-------- Extracted data
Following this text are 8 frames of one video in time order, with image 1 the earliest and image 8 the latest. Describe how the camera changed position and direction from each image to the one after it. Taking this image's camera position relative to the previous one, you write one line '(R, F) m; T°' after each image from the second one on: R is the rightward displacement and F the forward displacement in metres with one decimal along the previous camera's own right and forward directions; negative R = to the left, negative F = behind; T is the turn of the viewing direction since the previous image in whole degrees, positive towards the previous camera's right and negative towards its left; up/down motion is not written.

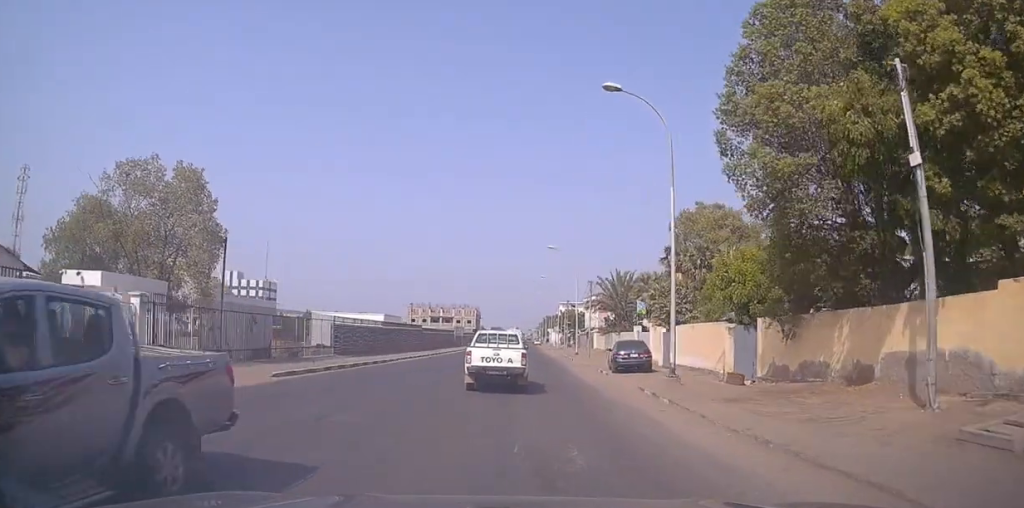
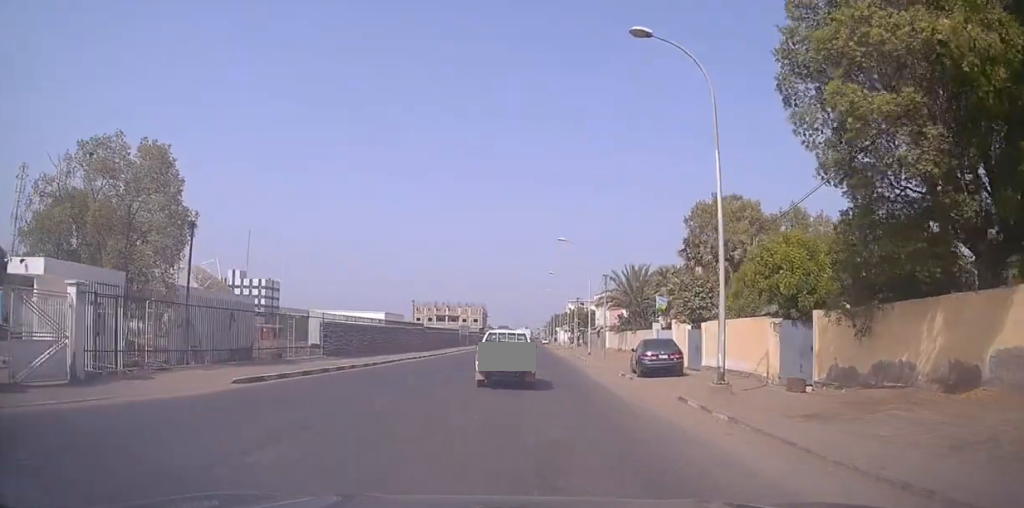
(+0.1, +3.5) m; 0°
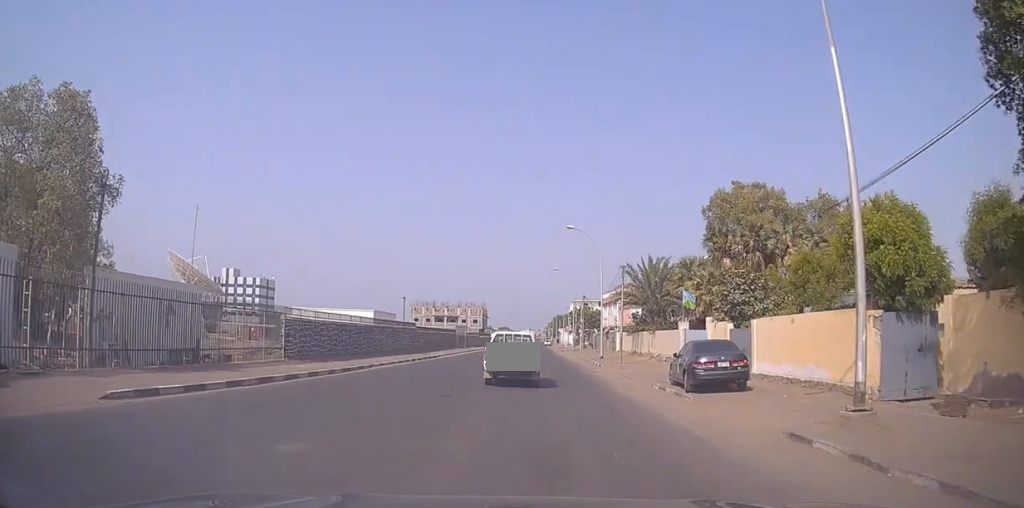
(0.0, +5.8) m; -1°
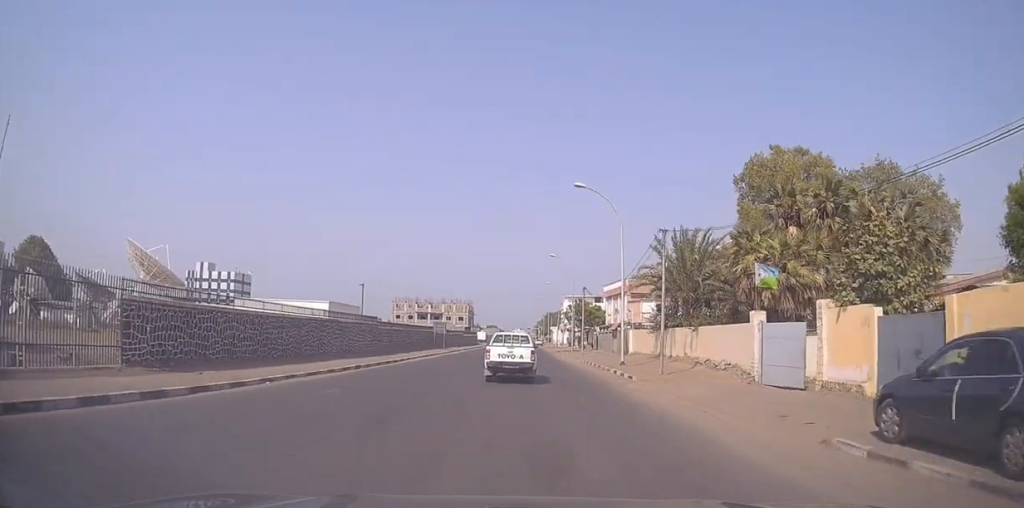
(+0.2, +11.7) m; +1°
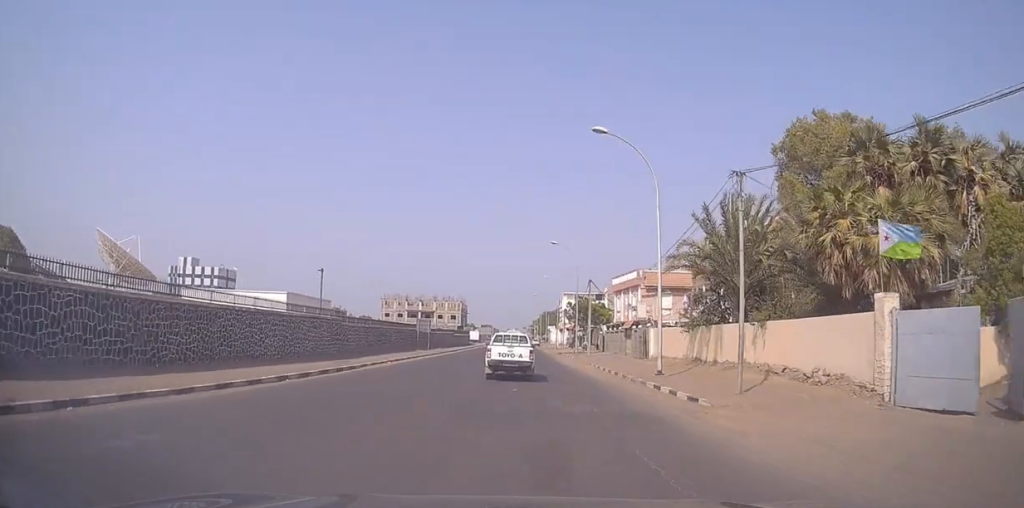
(-0.2, +8.6) m; -2°
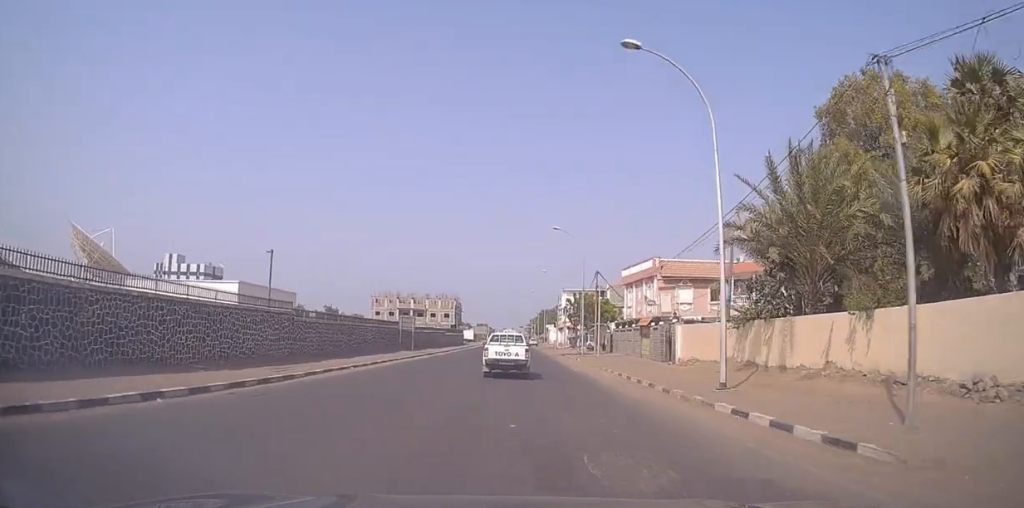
(-0.1, +7.3) m; +1°
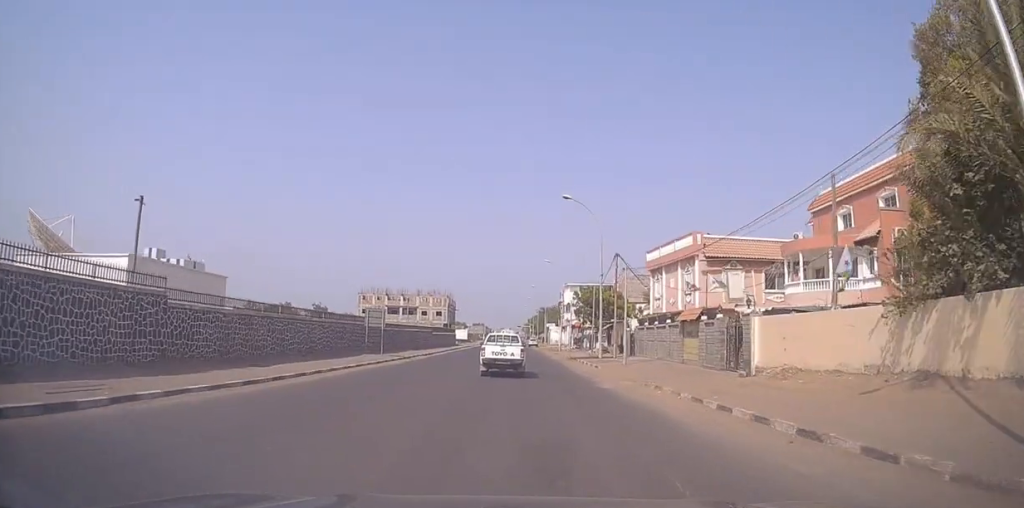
(+0.5, +10.9) m; +2°
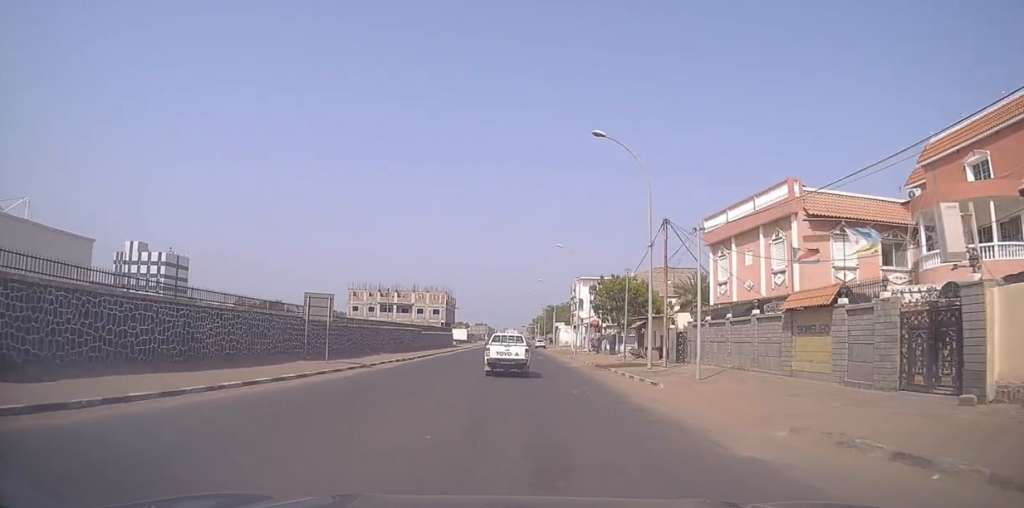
(-0.3, +12.3) m; +1°
----------------
Pictures aside, reproduce every record exactly as it stands.

**Written answer:**
Following this text are 8 frames of one video in time order, with image 1 the earliest and image 8 the latest. Describe how the camera changed position and direction from each image to the one after it. Taking this image's camera position relative to the previous one, you write one line '(R, F) m; T°' after each image from the second one on: R is the rightward displacement and F the forward displacement in metres with one decimal along the previous camera's own right and forward directions; negative R = to the left, negative F = behind; T is the turn of the viewing direction since the previous image in whole degrees, positive towards the previous camera's right and negative towards its left; up/down motion is not written.

(+0.1, +3.5) m; 0°
(0.0, +5.8) m; -1°
(+0.2, +11.7) m; +1°
(-0.2, +8.6) m; -2°
(-0.1, +7.3) m; +1°
(+0.5, +10.9) m; +2°
(-0.3, +12.3) m; +1°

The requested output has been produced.